Copy out lines with the word "slanted" from the material that follows.

** Records shown follows **

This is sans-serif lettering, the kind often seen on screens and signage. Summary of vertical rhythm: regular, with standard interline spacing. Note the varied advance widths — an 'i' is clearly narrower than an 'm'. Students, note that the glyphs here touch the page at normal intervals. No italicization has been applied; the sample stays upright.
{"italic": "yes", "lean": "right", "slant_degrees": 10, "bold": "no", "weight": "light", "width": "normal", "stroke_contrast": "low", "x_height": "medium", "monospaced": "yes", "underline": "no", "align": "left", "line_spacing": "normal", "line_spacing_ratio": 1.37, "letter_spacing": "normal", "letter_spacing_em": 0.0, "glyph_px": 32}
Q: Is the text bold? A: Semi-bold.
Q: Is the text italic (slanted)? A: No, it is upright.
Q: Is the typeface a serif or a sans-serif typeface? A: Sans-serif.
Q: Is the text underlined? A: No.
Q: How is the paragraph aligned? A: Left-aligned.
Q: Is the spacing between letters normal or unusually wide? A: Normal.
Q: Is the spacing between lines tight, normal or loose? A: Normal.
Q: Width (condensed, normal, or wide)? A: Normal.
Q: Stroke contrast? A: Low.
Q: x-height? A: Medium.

** End of Records shown **
** Records shown follows **

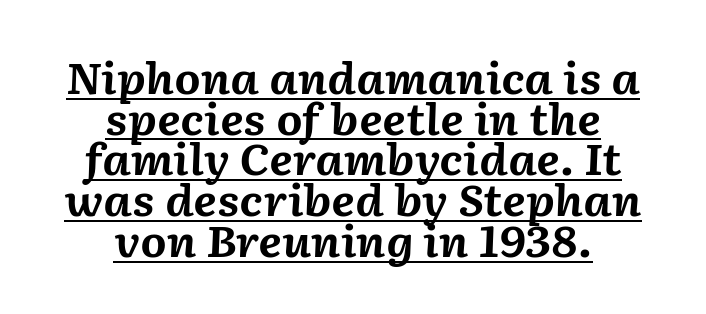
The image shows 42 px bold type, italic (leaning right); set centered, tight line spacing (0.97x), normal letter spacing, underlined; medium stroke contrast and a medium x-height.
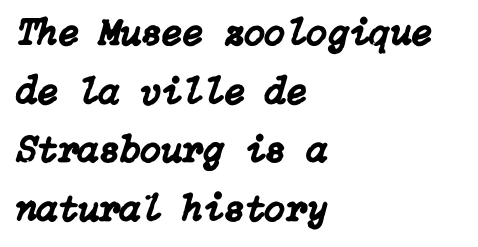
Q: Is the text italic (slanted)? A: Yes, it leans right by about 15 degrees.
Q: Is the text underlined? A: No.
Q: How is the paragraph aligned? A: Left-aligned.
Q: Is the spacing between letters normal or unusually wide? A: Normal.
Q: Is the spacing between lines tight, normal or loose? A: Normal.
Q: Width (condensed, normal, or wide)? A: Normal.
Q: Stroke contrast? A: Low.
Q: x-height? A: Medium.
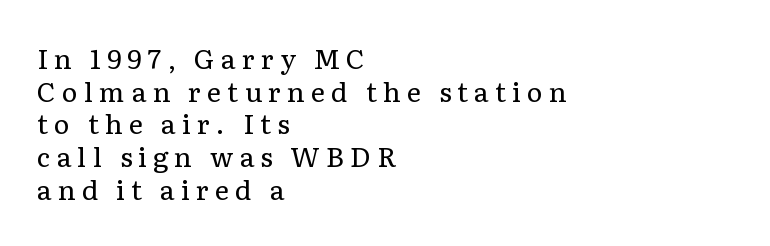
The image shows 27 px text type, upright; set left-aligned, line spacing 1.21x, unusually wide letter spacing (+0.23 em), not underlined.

** End of Records shown **

> Answer to this exercise:
Q: Is the text italic (slanted)? A: No, it is upright.
Q: Is the text italic (slanted)? A: Yes, it leans right by about 15 degrees.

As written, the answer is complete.